In this past year I've learned so much about attachment and learning how to release, but also about the beautiful strength of intertwined lives, and how long it can take to unweave the energetic threads. I've learned that sometimes no matter how much I might crave reconciliation, talking things out, cleaning the past with someone else, it doesn't always look like I wish it would. And how it seems each place I visit or friend I see for the first time without Raven there is a little healing, a letting go that happens, more space that is opened up in my being.
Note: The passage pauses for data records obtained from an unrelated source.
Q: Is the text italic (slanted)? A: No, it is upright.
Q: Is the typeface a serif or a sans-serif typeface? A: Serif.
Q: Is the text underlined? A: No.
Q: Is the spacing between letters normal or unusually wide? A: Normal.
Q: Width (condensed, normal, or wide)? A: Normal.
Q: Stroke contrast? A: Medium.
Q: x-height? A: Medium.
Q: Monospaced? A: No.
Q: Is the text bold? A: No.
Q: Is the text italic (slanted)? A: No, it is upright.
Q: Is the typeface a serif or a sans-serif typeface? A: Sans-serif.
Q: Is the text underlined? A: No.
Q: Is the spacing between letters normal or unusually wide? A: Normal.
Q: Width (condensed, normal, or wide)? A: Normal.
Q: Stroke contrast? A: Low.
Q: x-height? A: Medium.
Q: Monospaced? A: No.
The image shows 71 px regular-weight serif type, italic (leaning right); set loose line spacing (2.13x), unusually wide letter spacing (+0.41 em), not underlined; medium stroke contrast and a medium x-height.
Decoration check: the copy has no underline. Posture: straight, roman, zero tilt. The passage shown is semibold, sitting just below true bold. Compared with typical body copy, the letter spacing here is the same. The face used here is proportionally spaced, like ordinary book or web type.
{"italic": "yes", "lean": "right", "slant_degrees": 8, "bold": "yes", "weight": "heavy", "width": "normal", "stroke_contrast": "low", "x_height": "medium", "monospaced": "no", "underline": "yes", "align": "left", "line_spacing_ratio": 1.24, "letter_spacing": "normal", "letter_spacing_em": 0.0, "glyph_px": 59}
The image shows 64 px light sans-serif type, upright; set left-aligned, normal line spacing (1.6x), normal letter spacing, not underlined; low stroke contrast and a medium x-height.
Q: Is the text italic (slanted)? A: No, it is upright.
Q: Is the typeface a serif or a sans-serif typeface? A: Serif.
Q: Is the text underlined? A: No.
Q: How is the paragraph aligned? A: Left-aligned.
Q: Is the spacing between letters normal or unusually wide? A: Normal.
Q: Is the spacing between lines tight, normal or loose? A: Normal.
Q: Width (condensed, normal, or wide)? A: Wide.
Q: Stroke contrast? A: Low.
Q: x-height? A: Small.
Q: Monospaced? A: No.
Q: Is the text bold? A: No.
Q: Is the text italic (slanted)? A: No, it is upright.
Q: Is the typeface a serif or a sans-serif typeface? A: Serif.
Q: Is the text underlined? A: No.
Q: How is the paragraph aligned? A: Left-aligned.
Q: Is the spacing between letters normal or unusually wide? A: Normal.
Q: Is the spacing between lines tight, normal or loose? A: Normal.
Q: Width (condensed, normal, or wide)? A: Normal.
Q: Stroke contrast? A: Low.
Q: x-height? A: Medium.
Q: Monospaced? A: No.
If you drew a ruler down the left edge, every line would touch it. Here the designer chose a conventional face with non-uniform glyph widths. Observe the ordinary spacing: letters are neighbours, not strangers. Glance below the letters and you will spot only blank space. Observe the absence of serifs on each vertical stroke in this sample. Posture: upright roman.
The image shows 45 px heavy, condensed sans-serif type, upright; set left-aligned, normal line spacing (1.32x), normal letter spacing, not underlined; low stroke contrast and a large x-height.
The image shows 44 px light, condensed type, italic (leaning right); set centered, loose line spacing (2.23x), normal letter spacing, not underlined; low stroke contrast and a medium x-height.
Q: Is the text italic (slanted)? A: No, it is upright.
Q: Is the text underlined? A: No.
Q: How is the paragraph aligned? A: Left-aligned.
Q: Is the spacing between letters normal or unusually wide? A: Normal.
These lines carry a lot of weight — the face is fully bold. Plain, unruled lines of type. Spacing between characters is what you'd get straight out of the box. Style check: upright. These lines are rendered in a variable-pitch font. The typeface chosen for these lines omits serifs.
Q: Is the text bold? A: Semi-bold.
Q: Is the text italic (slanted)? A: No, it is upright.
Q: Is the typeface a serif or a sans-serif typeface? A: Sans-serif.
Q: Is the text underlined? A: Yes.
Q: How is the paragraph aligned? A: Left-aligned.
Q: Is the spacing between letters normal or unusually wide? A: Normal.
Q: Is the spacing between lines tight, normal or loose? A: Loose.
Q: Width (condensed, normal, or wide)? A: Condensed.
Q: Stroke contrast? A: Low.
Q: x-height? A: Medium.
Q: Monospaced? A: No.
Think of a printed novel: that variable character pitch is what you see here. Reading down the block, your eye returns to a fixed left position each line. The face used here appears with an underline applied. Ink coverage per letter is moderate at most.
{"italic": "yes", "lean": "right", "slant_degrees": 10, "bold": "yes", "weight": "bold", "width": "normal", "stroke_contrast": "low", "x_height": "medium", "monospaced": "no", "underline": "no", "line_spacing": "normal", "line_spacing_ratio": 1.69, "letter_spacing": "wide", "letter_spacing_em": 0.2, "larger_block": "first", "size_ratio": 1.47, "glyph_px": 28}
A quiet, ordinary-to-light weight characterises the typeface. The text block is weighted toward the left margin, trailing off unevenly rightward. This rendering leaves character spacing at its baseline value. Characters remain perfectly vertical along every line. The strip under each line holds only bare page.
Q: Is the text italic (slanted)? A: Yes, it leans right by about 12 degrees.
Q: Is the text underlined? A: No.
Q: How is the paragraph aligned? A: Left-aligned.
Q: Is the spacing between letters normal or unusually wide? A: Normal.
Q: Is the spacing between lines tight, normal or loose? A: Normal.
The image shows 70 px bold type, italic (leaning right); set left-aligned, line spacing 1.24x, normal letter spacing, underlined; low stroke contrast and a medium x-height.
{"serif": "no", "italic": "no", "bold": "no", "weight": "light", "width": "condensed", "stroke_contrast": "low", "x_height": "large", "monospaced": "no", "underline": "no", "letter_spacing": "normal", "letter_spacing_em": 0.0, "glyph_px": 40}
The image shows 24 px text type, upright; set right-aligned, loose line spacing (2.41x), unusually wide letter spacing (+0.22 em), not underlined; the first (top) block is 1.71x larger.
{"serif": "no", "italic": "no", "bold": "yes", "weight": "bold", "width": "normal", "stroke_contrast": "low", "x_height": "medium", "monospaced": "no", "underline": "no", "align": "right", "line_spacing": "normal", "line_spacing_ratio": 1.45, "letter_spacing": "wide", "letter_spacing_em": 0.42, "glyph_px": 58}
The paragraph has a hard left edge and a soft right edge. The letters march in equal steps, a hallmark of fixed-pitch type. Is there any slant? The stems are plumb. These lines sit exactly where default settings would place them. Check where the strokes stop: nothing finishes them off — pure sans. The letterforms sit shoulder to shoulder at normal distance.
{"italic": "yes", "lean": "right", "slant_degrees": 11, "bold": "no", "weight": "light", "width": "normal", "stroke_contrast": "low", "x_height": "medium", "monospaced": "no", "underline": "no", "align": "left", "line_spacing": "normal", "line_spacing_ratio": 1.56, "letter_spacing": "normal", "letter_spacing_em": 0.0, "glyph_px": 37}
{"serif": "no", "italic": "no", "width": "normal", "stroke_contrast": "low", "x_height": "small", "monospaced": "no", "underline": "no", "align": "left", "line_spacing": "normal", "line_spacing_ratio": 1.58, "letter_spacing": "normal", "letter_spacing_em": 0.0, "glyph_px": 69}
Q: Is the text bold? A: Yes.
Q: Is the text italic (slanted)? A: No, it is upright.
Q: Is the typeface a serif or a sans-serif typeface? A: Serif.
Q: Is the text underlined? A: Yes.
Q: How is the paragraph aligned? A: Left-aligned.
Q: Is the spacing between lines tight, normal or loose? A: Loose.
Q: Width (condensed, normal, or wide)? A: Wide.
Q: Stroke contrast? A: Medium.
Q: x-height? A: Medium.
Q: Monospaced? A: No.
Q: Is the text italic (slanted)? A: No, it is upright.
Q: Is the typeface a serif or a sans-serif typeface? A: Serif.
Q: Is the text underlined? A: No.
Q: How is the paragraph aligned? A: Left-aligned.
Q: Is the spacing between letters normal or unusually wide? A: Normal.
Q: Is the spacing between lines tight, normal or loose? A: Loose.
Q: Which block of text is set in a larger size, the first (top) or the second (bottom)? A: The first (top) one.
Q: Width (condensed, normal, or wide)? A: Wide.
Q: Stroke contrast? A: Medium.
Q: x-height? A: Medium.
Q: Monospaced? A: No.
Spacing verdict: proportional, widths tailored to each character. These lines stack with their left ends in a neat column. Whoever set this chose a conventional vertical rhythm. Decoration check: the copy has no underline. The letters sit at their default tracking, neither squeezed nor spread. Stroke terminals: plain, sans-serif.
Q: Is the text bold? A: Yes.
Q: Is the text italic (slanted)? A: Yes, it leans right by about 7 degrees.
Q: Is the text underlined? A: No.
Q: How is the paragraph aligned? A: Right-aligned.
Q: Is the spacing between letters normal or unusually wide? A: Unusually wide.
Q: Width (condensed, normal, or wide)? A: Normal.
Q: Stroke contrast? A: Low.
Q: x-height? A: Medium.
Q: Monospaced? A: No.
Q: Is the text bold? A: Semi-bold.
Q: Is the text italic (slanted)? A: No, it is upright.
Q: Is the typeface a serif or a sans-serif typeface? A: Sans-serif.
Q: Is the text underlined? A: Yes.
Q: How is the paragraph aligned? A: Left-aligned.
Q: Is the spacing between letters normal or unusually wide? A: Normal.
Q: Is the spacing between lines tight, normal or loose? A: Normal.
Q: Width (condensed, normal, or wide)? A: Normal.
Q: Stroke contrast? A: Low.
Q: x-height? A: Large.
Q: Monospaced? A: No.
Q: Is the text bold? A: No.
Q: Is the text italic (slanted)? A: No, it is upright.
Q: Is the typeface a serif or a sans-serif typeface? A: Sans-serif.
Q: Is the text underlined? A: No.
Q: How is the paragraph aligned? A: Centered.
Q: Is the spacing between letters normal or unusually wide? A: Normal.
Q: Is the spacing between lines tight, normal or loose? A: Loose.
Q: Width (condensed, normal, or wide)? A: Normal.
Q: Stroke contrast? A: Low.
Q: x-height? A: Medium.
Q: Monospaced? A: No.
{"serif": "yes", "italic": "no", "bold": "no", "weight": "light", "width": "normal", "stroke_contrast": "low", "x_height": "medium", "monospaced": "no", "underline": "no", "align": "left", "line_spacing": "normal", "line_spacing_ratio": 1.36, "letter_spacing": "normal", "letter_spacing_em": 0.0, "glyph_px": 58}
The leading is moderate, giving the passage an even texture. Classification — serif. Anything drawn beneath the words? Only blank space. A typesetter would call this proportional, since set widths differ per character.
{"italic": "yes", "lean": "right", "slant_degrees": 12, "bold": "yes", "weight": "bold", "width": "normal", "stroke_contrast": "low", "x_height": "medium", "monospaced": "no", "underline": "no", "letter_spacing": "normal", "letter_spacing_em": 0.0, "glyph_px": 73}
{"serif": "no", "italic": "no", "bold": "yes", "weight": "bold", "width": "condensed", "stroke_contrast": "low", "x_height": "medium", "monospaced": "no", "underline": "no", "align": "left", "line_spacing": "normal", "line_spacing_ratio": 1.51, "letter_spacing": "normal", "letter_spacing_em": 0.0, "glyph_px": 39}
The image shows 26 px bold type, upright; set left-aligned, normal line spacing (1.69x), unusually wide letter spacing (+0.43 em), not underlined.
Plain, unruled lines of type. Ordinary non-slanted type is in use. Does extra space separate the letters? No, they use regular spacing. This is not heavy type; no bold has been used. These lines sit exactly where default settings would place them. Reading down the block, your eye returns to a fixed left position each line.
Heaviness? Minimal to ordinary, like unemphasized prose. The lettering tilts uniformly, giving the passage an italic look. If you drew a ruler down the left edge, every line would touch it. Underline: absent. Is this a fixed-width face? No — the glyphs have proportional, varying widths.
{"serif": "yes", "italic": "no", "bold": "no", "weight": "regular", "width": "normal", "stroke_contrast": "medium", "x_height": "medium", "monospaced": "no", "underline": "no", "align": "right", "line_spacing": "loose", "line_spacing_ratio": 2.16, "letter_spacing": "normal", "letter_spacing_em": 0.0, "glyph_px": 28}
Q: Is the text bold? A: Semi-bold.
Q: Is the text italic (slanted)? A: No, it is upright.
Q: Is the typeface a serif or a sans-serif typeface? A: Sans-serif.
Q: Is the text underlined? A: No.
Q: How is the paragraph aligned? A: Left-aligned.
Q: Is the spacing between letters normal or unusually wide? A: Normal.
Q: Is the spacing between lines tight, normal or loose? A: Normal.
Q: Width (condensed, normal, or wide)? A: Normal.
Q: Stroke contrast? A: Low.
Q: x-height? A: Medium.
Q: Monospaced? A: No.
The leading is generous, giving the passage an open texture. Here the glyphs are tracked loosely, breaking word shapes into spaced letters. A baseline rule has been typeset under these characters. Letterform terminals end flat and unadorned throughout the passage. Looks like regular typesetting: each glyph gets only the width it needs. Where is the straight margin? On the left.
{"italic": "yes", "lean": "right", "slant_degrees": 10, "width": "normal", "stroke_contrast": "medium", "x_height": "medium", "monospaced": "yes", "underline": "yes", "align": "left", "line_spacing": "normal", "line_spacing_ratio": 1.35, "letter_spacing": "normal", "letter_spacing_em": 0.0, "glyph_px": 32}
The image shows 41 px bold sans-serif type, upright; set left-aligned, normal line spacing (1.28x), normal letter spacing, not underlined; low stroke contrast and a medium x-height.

At first it is tender, sometimes the grief comes back again, sometimes I just feel a whisper of "we once loved each other passionately and fully here." Yesterday was the anniversary of our marriage, this week is a ten-year cycle of when we first came to the firewalk training together, and left glowing in love to have a hand fasting celebration with our community in Berkeley. I honor these memories. I honor the immense love we once shared. I honor that I have immense love to share, and that I can let it overflow to everyone I meet. And now I can also honor the closing of our relationship, a new cycle opening. I can honor the choices we both made. I can honor that nothing stays the same, that death brings new life, always, when we let the past go.

Writing this is bringing tears to my eyes, not because I wish our marriage had not ended, but because I miss my friend. And I know that friend lives in my heart, always. Nothing can take that away. 

None of us are immune to loss on this human dance. We humans are so tender, and so resilient. So fragile and vulnerable, and so wicked strong. My prayers is that everyone who is in a time of transition, of life change, or loss, may dive deep to discover the calm waters beneath the turbulence, but also to learn to let life ravish us open, to let the waters of transformation crash through us, to surrender to the river of life. May we find peace and know the beauty of still spirit ocean in our core as we learn to surf the waves of death and rebirth, death and rebirth.